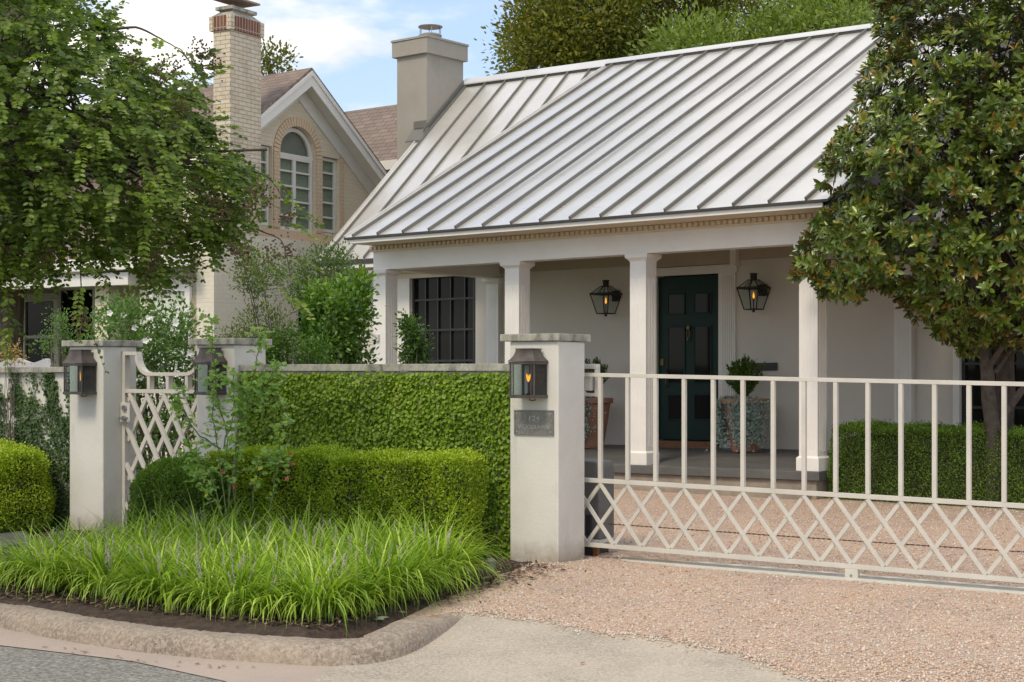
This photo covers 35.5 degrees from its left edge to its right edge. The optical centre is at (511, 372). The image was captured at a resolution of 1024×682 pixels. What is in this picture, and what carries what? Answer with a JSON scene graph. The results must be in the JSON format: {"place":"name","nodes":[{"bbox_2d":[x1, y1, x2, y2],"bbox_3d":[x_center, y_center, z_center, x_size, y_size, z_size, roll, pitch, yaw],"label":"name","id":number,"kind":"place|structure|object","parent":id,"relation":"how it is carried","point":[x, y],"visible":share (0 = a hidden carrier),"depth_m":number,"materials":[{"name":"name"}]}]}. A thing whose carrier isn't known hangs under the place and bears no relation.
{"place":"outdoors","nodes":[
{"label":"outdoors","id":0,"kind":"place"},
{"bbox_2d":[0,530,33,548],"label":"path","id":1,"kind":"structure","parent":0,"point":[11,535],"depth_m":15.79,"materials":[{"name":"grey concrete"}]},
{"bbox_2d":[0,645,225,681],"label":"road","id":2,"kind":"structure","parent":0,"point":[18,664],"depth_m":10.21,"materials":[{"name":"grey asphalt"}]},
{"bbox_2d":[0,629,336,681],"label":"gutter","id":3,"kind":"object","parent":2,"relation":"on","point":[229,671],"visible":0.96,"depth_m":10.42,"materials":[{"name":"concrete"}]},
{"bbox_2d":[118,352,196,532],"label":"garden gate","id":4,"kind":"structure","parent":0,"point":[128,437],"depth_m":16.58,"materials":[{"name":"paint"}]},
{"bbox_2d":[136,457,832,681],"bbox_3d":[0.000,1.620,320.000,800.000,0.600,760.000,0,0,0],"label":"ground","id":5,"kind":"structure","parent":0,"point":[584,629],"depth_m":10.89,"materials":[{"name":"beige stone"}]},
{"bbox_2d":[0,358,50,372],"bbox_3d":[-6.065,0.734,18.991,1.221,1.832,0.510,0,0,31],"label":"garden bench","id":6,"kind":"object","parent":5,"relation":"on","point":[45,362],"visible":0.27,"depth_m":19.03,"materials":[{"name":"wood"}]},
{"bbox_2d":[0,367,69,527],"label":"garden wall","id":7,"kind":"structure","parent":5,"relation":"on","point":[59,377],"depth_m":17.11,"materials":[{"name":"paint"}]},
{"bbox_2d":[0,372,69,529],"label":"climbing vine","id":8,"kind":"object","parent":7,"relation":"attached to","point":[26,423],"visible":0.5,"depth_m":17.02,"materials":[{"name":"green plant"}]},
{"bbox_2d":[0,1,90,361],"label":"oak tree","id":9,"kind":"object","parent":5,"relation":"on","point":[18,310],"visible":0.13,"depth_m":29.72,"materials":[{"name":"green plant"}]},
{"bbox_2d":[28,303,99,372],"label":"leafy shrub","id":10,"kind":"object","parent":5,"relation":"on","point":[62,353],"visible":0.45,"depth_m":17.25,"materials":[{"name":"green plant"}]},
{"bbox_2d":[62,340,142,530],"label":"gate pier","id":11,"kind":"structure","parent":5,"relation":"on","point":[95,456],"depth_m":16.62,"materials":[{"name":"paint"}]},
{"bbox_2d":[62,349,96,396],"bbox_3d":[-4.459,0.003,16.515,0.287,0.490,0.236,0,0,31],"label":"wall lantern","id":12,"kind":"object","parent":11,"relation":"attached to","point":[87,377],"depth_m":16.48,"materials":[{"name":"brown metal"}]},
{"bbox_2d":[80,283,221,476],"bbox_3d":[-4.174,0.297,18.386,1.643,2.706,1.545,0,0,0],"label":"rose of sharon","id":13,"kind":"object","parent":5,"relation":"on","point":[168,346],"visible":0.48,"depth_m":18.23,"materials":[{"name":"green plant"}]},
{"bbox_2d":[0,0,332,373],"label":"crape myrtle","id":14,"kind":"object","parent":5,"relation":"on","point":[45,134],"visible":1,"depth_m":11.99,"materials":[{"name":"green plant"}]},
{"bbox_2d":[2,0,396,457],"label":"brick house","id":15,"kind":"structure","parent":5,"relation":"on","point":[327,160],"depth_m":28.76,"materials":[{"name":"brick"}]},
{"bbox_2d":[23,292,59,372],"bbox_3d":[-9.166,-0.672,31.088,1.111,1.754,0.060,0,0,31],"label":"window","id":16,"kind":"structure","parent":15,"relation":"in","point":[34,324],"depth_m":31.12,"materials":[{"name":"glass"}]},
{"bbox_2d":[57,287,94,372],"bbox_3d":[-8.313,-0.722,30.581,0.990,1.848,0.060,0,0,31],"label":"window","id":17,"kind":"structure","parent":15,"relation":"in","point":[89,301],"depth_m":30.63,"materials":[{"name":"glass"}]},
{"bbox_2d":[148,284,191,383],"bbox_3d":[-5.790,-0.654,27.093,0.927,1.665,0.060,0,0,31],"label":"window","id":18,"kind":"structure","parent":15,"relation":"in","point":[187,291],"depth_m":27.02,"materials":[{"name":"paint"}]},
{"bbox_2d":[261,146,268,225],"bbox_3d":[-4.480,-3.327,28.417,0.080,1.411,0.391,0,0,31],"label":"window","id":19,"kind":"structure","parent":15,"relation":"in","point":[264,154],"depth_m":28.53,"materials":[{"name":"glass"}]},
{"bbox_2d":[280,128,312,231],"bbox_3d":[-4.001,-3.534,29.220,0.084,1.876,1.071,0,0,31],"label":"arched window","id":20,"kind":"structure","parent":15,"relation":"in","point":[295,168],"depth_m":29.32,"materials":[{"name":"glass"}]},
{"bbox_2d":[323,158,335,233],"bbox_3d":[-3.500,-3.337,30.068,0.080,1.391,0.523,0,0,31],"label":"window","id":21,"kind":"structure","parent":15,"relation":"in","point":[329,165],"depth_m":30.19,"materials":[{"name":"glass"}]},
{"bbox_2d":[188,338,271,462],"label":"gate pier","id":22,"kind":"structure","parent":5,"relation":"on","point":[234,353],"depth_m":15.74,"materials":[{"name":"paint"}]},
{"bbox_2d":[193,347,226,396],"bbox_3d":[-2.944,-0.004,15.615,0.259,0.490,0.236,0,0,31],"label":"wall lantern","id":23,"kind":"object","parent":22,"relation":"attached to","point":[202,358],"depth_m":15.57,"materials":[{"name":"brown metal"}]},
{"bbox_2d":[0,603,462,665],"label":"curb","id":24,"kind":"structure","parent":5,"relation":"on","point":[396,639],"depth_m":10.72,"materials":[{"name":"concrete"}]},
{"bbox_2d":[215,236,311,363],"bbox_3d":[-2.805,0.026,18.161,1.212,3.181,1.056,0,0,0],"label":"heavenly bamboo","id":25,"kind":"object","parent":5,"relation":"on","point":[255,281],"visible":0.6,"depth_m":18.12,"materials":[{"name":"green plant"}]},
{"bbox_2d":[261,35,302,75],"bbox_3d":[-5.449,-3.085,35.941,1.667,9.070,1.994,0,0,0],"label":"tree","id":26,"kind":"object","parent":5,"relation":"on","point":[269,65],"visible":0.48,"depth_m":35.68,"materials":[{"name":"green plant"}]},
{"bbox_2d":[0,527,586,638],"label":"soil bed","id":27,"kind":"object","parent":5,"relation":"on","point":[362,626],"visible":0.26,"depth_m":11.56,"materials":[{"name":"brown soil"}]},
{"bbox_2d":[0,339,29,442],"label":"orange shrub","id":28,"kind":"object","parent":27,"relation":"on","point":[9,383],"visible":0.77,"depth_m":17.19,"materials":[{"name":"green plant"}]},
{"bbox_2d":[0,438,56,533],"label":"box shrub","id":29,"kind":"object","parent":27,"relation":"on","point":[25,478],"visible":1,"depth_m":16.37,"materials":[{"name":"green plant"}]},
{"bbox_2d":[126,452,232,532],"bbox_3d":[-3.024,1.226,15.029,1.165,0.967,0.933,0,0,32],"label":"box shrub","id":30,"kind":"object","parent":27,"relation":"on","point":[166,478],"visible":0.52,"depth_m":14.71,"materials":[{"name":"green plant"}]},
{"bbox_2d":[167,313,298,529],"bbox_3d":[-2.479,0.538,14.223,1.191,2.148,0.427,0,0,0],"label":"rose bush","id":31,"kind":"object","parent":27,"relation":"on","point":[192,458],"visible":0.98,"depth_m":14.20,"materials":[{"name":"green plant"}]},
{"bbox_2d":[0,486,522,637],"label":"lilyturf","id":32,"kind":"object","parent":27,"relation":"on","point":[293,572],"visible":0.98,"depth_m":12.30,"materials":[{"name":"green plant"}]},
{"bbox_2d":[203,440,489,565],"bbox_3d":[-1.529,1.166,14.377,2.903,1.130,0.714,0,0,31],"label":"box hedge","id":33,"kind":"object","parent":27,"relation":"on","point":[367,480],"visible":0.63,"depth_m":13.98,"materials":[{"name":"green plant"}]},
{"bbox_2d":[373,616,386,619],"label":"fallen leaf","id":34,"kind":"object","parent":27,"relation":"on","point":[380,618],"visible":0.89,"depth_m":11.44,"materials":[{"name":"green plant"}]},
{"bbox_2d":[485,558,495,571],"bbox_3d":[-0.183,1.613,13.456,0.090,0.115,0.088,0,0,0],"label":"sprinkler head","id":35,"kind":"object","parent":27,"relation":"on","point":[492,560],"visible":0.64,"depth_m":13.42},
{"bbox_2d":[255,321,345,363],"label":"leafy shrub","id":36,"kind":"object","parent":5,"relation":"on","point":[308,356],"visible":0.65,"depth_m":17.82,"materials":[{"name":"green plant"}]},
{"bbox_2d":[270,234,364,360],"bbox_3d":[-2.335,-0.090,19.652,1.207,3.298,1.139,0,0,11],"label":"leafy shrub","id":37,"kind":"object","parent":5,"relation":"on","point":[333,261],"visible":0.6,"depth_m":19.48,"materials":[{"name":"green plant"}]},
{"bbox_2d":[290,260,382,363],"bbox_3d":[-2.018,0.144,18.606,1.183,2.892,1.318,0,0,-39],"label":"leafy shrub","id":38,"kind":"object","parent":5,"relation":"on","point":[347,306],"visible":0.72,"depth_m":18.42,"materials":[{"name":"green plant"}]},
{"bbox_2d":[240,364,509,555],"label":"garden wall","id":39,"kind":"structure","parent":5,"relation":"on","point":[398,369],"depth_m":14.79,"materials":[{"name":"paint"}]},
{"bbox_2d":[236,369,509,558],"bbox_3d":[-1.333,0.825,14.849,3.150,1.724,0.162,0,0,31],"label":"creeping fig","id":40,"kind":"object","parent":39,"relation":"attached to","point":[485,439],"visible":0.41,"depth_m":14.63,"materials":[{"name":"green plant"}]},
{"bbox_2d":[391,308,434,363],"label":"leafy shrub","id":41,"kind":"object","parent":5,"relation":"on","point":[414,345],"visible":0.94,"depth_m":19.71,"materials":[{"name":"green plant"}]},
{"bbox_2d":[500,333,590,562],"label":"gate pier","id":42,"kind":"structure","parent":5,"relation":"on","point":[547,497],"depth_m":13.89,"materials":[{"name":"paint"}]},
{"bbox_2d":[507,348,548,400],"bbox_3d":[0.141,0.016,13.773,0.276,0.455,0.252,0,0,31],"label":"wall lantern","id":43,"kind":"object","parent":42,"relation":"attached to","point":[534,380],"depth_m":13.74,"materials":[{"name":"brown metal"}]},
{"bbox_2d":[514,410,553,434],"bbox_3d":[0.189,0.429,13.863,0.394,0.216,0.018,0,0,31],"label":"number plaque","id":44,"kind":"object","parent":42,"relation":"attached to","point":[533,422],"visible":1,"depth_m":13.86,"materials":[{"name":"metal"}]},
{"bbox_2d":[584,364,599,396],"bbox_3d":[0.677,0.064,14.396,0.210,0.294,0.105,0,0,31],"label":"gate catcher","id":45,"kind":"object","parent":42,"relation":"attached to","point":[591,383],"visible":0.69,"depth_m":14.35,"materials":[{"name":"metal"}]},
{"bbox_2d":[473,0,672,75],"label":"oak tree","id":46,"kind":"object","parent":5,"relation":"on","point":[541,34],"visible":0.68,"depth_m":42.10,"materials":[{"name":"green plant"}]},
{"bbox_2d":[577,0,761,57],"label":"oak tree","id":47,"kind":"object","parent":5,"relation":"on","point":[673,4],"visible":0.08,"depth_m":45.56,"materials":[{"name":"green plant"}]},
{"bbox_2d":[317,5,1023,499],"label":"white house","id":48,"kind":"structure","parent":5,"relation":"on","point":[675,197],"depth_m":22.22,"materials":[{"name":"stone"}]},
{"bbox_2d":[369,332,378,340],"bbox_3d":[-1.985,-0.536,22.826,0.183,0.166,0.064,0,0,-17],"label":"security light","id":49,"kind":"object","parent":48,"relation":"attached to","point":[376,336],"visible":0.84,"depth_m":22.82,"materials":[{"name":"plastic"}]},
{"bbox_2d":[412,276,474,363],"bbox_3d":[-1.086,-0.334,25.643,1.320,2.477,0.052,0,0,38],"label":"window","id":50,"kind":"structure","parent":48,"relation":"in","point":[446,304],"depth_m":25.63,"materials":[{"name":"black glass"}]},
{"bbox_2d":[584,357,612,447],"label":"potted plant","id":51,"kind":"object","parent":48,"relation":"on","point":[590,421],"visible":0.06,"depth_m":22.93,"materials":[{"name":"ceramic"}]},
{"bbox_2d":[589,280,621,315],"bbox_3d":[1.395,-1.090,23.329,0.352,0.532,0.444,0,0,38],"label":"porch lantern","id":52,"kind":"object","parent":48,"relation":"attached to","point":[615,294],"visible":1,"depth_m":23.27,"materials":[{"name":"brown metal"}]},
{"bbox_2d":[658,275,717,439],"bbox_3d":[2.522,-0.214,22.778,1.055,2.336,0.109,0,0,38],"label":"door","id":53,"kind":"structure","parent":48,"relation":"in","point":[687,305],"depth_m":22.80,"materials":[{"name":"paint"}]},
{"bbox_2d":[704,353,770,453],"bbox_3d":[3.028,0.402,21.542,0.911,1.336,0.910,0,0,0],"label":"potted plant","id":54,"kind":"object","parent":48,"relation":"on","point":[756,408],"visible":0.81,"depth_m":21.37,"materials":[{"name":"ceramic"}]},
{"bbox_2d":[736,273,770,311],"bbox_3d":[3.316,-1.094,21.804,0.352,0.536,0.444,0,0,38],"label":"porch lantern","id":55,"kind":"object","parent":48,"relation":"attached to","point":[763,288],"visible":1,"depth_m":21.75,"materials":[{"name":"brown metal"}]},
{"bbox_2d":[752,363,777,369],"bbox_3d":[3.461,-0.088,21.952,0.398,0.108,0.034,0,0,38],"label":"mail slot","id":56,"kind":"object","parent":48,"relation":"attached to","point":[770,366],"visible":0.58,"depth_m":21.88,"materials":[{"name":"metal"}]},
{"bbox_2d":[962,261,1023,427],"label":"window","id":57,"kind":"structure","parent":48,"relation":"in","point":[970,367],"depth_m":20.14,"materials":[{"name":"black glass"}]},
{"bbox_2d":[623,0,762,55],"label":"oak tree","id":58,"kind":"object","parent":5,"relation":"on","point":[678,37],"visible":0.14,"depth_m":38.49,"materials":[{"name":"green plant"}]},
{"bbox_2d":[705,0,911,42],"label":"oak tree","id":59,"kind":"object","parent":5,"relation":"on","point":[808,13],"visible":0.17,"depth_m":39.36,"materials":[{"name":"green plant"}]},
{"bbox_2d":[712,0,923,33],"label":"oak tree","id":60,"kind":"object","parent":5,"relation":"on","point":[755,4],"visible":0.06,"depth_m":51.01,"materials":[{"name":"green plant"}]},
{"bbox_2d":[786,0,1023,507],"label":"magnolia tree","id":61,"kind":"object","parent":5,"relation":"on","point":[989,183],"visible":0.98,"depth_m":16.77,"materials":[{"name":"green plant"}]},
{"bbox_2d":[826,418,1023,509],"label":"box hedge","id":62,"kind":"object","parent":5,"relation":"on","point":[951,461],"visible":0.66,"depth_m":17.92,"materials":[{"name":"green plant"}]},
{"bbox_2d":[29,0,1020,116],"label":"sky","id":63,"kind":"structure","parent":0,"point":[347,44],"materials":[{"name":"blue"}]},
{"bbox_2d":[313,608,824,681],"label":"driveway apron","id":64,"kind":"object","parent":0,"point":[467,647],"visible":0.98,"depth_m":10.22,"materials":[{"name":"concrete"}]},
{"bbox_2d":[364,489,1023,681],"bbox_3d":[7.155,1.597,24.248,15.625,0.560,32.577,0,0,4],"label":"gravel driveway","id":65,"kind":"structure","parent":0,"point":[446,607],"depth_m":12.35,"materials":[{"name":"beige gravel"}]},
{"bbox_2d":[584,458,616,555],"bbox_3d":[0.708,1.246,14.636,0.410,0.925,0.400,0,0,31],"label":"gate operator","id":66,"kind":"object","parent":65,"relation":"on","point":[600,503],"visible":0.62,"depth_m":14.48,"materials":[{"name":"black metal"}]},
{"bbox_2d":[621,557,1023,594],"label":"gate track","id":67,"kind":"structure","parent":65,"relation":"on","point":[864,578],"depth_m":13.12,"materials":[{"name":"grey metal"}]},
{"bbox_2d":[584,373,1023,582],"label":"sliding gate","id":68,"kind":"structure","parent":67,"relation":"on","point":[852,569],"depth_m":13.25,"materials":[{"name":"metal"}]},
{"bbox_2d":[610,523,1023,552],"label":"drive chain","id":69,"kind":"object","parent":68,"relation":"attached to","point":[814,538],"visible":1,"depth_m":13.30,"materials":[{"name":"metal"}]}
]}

--

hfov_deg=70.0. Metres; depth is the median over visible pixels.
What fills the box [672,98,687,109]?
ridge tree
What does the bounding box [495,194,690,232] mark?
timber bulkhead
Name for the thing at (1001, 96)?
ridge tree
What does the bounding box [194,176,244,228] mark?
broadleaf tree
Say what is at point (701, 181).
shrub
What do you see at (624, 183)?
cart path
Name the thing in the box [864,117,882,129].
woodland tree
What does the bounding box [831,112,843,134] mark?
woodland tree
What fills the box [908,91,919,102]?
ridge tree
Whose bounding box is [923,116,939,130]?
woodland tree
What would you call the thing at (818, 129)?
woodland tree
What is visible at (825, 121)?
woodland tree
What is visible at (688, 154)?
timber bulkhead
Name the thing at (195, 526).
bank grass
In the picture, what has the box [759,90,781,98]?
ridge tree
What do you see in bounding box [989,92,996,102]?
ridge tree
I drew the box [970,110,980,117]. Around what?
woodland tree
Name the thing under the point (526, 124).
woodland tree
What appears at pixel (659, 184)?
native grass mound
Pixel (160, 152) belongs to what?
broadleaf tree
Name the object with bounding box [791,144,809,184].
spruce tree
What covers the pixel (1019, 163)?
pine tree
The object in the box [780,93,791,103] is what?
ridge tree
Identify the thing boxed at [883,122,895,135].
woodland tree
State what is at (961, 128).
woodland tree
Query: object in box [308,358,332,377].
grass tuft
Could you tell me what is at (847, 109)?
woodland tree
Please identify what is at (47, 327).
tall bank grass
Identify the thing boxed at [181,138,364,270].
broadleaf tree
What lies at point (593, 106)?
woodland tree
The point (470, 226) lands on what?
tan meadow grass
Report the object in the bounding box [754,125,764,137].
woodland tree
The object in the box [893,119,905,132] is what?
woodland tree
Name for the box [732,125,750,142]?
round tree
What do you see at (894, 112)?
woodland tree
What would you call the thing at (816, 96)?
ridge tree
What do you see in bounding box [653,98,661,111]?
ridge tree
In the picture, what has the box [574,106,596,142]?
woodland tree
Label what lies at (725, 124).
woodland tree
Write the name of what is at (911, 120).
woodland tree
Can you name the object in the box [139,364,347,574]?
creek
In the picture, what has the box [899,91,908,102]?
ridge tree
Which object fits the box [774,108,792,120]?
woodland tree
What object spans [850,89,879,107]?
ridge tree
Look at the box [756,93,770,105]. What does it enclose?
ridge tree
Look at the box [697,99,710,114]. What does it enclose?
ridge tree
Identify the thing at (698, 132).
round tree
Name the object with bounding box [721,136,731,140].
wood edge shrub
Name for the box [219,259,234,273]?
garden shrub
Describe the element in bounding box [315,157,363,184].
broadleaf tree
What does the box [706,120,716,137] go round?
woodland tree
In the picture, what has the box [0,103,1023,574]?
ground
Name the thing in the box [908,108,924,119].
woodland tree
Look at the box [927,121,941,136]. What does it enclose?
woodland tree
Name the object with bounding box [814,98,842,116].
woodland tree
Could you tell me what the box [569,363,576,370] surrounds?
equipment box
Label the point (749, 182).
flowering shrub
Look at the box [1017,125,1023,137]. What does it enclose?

* _TASK ITEM_
An exact copy of the lines above, from the one containing "Look at the box [756,93,770,105]." through the one containing "Look at the box [1017,125,1023,137].", is the whole of the answer.

* _PROBLEM SOLUTION_
Look at the box [756,93,770,105]. What does it enclose?
ridge tree
Look at the box [697,99,710,114]. What does it enclose?
ridge tree
Identify the thing at (698, 132).
round tree
Name the object with bounding box [721,136,731,140].
wood edge shrub
Name for the box [219,259,234,273]?
garden shrub
Describe the element in bounding box [315,157,363,184].
broadleaf tree
What does the box [706,120,716,137] go round?
woodland tree
In the picture, what has the box [0,103,1023,574]?
ground
Name the thing in the box [908,108,924,119].
woodland tree
Look at the box [927,121,941,136]. What does it enclose?
woodland tree
Name the object with bounding box [814,98,842,116].
woodland tree
Could you tell me what the box [569,363,576,370] surrounds?
equipment box
Label the point (749, 182).
flowering shrub
Look at the box [1017,125,1023,137]. What does it enclose?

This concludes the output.